All infrastructure is defined as code using AWS CDK, enabling version-controlled, repeatable deployments across environments. CI/CD pipelines manage the complete infrastructure lifecycle, including IAM roles, security policies, and resource configurations.

Observability is critical for LLMOps, so CloudTrail provides comprehensive API call tracing for audit and debugging purposes, while CloudWatch captures operational metrics including model invocation rates, processing times, and error rates. These metrics are surfaced through Grafana dashboards, providing real-time visibility into system performance and optimization effectiveness.

The architecture supports horizontal scaling through serverless components, automatically handling varying workloads as the number of datasets and optimization requests fluctuates throughout the day. This approach ensures cost efficiency while maintaining the responsiveness needed for production ETL operations.

Key Insights for Enterprise Data Engineering

This project revealed several important principles for scaling data engineering operations in enterprise environments.

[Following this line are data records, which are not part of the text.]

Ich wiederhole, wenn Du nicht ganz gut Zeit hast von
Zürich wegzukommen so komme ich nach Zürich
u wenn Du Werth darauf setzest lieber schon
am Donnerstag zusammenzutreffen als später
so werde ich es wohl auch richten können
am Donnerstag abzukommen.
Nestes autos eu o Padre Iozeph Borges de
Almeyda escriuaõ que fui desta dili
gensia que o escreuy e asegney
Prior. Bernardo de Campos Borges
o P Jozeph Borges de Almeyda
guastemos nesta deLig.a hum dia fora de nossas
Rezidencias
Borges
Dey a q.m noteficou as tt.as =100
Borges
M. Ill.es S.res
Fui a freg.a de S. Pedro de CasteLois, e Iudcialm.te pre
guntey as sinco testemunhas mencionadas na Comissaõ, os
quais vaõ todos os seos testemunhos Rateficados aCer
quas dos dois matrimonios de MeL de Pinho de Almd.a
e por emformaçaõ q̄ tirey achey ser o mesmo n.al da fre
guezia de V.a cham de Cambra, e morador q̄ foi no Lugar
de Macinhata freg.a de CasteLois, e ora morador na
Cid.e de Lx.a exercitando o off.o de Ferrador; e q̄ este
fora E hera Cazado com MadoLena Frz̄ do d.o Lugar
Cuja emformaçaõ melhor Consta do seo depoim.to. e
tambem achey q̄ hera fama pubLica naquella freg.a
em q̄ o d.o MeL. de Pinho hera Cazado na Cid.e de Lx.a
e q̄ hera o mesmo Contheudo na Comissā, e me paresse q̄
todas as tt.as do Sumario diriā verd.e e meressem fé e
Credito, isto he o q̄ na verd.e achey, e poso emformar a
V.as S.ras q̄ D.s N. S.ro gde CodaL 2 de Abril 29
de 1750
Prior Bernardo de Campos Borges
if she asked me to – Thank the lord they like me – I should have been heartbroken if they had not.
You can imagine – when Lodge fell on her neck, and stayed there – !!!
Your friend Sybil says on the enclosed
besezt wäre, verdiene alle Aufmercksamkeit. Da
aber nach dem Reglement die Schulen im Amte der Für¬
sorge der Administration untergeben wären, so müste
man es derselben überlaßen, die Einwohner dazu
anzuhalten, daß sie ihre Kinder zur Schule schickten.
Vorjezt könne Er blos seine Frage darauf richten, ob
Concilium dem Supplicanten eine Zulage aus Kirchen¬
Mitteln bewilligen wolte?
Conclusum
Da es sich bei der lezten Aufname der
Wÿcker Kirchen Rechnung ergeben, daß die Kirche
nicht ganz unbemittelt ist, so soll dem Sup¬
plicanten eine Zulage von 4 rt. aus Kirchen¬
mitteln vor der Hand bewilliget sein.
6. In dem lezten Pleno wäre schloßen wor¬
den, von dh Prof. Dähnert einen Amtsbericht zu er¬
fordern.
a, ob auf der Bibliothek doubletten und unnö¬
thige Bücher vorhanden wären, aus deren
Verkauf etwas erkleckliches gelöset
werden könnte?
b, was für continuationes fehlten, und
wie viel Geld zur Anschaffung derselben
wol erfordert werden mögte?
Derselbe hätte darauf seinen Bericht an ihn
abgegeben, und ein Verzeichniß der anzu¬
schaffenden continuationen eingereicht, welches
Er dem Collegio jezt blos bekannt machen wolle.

Graph theory applications: Complex data lineage problems can be effectively modeled and analyzed using traditional computer science algorithms. The combination of centrality measures and path analysis provided insights that would have been impossible to achieve through manual inspection.

Multi-agent AI systems: Specialized agents can handle different aspects of optimization more effectively than monolithic approaches. The separation between micro and macro optimization allowed each agent to focus on its domain of expertise while maintaining coordination through the routing system.

Safety-first automation: Even with sophisticated AI, critical safeguards and human oversight remain essential for production systems. The QA versioning approach provided the confidence needed to deploy automated optimizations in a high-stakes environment.

Holistic optimization: Combining micro and macro optimization strategies yields better results than focusing on individual components alone. The serial execution chain that provided our biggest win would never have been identified through individual dataset optimization.

The democratization of data transformation tools creates new challenges that require systematic solutions. As organizations scale their data operations, the combination of graph analysis and AI-powered optimization provides a path forward for managing complexity while maintaining performance and reliability.

This case study represents a real-world application of AI and graph theory to solve enterprise-scale data engineering challenges. The combination of traditional computer science algorithms with modern AI capabilities offers a powerful approach to managing complex, large-scale data systems that will only become more relevant as data volumes continue to grow.